_Supplied data_:

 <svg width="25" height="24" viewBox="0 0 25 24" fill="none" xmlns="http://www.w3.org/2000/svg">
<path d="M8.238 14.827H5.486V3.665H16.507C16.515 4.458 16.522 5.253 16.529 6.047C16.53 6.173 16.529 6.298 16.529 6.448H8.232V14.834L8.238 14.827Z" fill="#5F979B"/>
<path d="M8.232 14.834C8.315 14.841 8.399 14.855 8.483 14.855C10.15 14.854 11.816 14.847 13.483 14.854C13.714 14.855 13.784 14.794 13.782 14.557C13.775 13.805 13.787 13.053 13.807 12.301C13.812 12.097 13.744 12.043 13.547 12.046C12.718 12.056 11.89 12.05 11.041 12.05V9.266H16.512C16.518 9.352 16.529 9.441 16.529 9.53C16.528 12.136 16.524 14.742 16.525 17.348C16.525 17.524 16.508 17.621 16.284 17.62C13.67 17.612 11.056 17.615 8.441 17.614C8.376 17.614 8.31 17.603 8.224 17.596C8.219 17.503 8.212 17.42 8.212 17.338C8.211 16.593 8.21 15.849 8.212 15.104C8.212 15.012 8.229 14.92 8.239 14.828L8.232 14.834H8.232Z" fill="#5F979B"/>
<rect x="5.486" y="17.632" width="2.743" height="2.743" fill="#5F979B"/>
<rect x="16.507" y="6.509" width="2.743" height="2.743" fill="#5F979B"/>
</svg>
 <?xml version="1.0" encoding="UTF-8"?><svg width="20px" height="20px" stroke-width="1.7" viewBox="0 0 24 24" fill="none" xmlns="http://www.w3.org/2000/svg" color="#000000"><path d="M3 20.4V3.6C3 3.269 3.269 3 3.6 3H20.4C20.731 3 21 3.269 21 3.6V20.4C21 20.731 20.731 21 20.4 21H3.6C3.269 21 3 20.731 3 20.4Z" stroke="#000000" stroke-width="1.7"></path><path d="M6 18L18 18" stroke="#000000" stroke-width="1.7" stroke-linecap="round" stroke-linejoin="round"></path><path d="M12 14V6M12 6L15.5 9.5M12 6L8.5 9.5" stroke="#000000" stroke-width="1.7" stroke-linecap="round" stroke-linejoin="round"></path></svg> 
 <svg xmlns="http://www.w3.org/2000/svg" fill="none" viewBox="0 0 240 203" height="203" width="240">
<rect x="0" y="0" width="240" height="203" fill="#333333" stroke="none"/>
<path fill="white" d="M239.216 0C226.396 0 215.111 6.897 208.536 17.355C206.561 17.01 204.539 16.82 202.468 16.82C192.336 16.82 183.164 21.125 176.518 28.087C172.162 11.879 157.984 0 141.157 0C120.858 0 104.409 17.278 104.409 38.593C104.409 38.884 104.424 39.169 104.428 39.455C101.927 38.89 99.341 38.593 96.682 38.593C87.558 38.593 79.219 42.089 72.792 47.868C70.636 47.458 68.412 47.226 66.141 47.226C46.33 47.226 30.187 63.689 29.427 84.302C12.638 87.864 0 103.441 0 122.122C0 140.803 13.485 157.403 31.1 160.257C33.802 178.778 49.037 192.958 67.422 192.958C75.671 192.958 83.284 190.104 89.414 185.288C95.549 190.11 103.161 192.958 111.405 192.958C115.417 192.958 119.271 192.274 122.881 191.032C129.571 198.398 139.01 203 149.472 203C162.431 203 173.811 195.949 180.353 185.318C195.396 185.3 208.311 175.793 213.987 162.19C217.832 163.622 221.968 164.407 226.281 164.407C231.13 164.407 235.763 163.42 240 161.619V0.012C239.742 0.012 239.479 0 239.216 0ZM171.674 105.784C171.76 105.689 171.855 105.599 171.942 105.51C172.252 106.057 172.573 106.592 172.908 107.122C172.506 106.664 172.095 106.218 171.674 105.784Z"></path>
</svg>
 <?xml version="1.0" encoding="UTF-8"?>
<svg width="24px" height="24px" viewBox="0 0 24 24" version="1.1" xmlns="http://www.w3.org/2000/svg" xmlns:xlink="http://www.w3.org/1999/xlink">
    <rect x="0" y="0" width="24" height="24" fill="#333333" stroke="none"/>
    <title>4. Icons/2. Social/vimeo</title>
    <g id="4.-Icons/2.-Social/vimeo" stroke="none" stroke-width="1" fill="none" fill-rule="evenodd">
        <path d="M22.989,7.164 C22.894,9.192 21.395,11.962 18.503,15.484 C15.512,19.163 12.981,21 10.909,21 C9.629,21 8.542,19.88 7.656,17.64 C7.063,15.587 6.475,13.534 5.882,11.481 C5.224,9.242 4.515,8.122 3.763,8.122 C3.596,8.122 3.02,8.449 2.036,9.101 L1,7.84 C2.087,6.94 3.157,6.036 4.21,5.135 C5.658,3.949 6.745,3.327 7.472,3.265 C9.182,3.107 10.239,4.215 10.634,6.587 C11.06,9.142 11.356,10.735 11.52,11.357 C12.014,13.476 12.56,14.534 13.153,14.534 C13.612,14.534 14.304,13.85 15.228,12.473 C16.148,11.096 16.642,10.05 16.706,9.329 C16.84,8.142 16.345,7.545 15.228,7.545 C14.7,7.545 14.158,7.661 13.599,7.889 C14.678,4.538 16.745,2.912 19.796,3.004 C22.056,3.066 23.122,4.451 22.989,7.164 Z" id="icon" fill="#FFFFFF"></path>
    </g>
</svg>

_Task to carry out_: Across the records above, return every line that contains the word "viewBox".

_Completed task_:
 <svg width="25" height="24" viewBox="0 0 25 24" fill="none" xmlns="http://www.w3.org/2000/svg">
 <?xml version="1.0" encoding="UTF-8"?><svg width="20px" height="20px" stroke-width="1.7" viewBox="0 0 24 24" fill="none" xmlns="http://www.w3.org/2000/svg" color="#000000"><path d="M3 20.4V3.6C3 3.269 3.269 3 3.6 3H20.4C20.731 3 21 3.269 21 3.6V20.4C21 20.731 20.731 21 20.4 21H3.6C3.269 21 3 20.731 3 20.4Z" stroke="#000000" stroke-width="1.7"></path><path d="M6 18L18 18" stroke="#000000" stroke-width="1.7" stroke-linecap="round" stroke-linejoin="round"></path><path d="M12 14V6M12 6L15.5 9.5M12 6L8.5 9.5" stroke="#000000" stroke-width="1.7" stroke-linecap="round" stroke-linejoin="round"></path></svg> 
 <svg xmlns="http://www.w3.org/2000/svg" fill="none" viewBox="0 0 240 203" height="203" width="240">
<svg width="24px" height="24px" viewBox="0 0 24 24" version="1.1" xmlns="http://www.w3.org/2000/svg" xmlns:xlink="http://www.w3.org/1999/xlink">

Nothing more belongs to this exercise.